Знал бы кто, как не вовремя эта статья! Газеты Людмила привезла вчера вечером и положила в холле на столе. И теперь неважно, сколько их взял персонал, главное — все уже в курсе.
Но здесь она сама виновата. Надо было сразу журналиста, будь он не ладен, вести к себе в кабинет, а не красоваться с ним в коридоре. Что говорить и как говорить, а главное — о чем молчать, она знала, как никто другой. И не появись тогда Людмила в центре, все так бы и было.
Людмилу Савицкую, жену владельца реабилитационного центра и работодателя, Елена Евгеньевна в глубине души презирала, считая безмозглой курицей, удачно заполучившей богатого мужа. Но только в душе. Для всех они были уж если не закадычные подруги, то приятельницы точно.
Изредка Елена жалела Савицкую. Скоро сороковник стукнет, а что та видела в своей золотой клетке? Ни детей, ни работы, ни увлечений, ни семьи. Семья, конечно, официально у Людмилы была, но без общих интересов и любви. Ну, какие общие интересы могут быть со стареющим Иваном? Уж она заметила бы. Разница в двадцать лет — не шутка. Любовника и того толком завести не смогла. Разве Антона Задонского можно назвать любовником? Нет. Одни цифры в голове. Да и разница в возрасте не в пользу Людмилы. Получалось, что, кроме денег, у Людмилы Савицкой ничего и не было. Жаль, что от количества денег, мерила ценностей и собственной значимости, не зависит чисто женское счастье.
Только не будь у Людмилы этого центра, Задонский нашел бы себе другую женщину, и неважно какую, тому главное не женщина, а центр. Истинную цель его отношений Куриленко знала, как никто другой. А Людмила? Не будь этого центра, в ее сторону он даже не посмотрел бы, как не смотрит в сторону персонала. А что такое персонал? Те же люди, только без денег.
Порой Савицкая ее раздражала своей неприспособленностью к жизни и слащавой правильностью. Только откуда взяться этой правильности? Одна видимость. Уж она-то в курсе всей ее «правильности». Разве это скроешь.
Елена Евгеньевна перевела взгляд с газеты, которую положил Крапивин, на свои руки. Мелкая бриллиантовая россыпь, окружавшая небольшой бриллиант, блеснула на свету. Удачно потраченные премиальные немного успокоили главврача.
— Как состояние Дроздовской? — напомнила свой вопрос Елена.

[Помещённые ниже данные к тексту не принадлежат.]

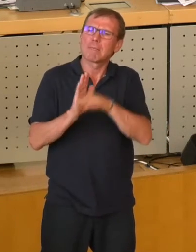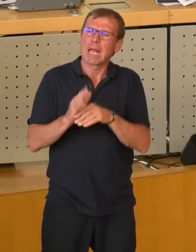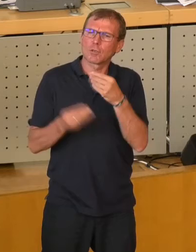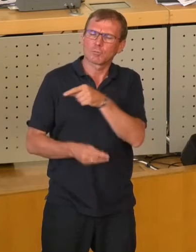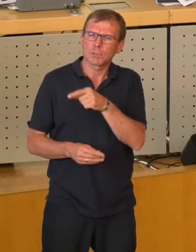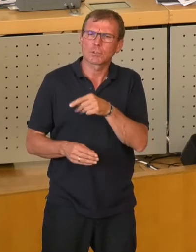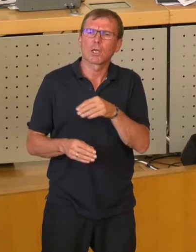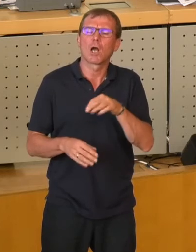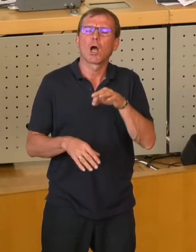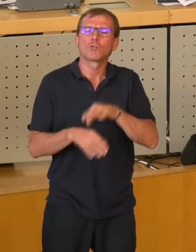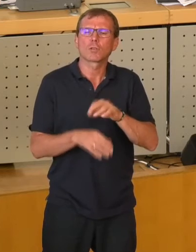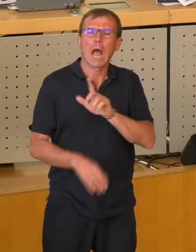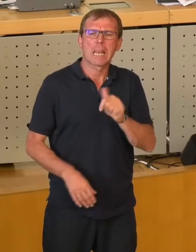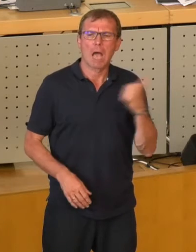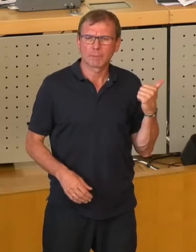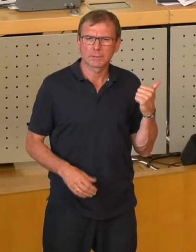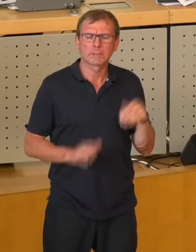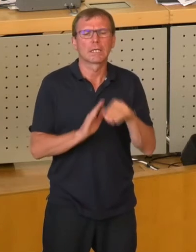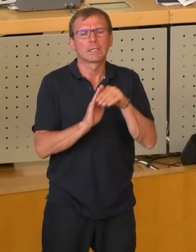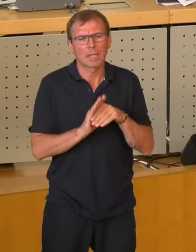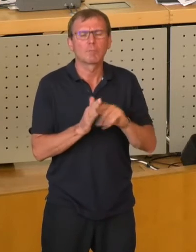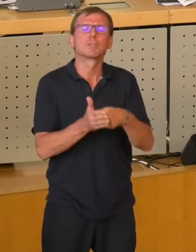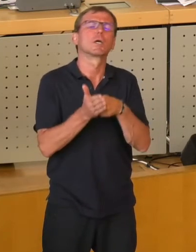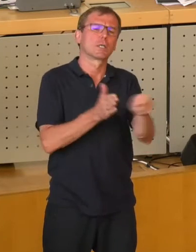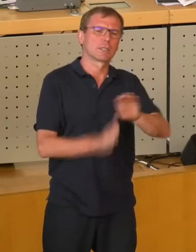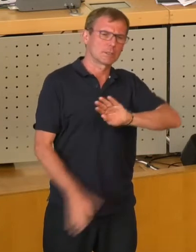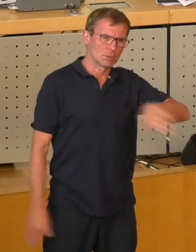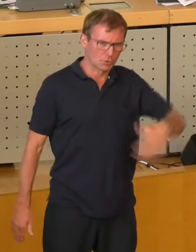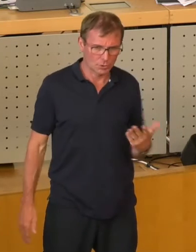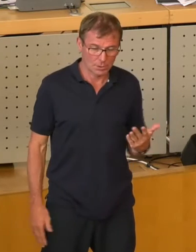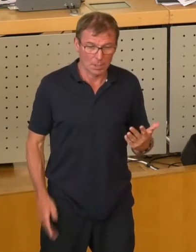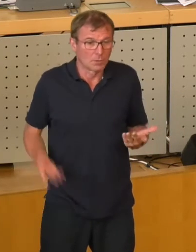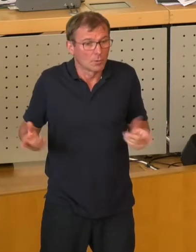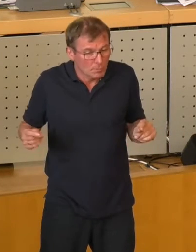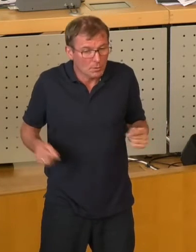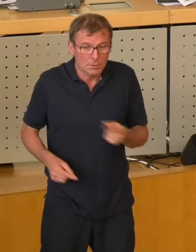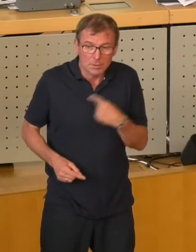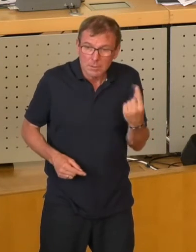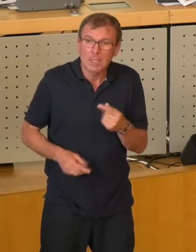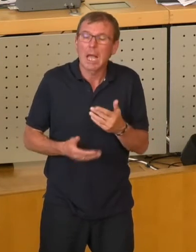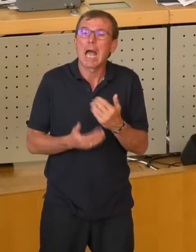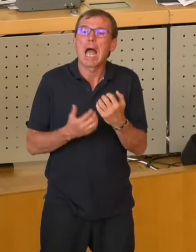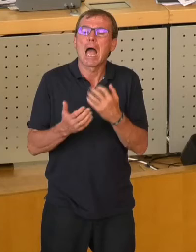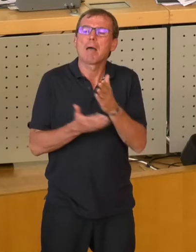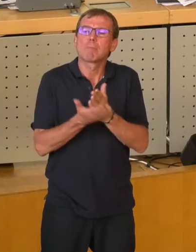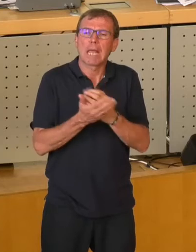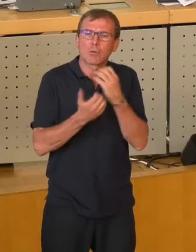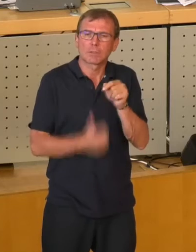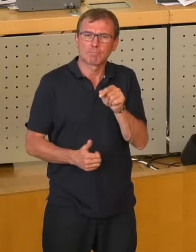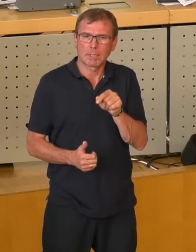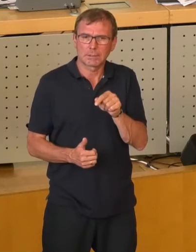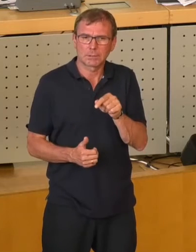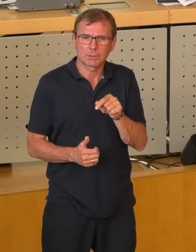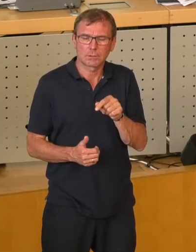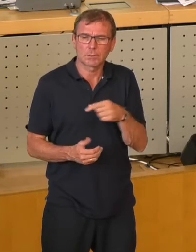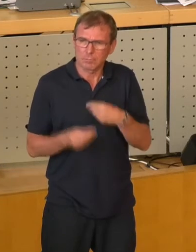die hat der Herr Dr. Lahm, der Herr Dr. Lahm ist den Termin jetzt auch noch gestrichen, sodass also nicht mal mehr über den Beteiligungsbericht debattiert wird, sondern der

— Смотря что ты имеешь в виду? — Сергей Николаевич задумался. — Если не считать, что она постоянно видит смерть в коридоре, то нормально. Дроздовской нужна психиатрическая помощь. Или родственники этого не понимают? Сиганет у нас со второго этажа и попрощаться не успеем. — Сергей Николаевич суеверно постучал о край деревянного стола. — И что тогда? Я бы на твоем месте договорился о ее переводе в психбольницу.
— Сергей, ты не на моем месте, — быстро прервала подчиненного Елена Евгеньевна.
Умник сыскался. Дроздовская была ее личной головной болью. Как она дала себя уговорить невестке Дроздовской? Надо было сразу выпроводить ту из кабинета, но интеллигентная Юлиана Дроздовская не только рассказала все ужасы проживания с полоумной свекровью, но и, смущаясь содеянного, протянула увесистый конверт. Оплата значительно превышала цену прейскуранта. Пришлось согласиться. Теперь нечего сетовать. Осталось ждать два месяца и молиться, чтобы Дроздовская, не дай бог, не сиганула с балкона.
— Елена Евгеньевна, я, хотя и не на твоем месте, — Сергей Николаевич вернул словесный пас обратно, — но поостерегся бы. Я говорю не о Дроздовской. Хотя балконную дверь надо в ее палате наглухо закрыть. Нечего ей сидеть на балконе. Пусть лучше на улице гуляет.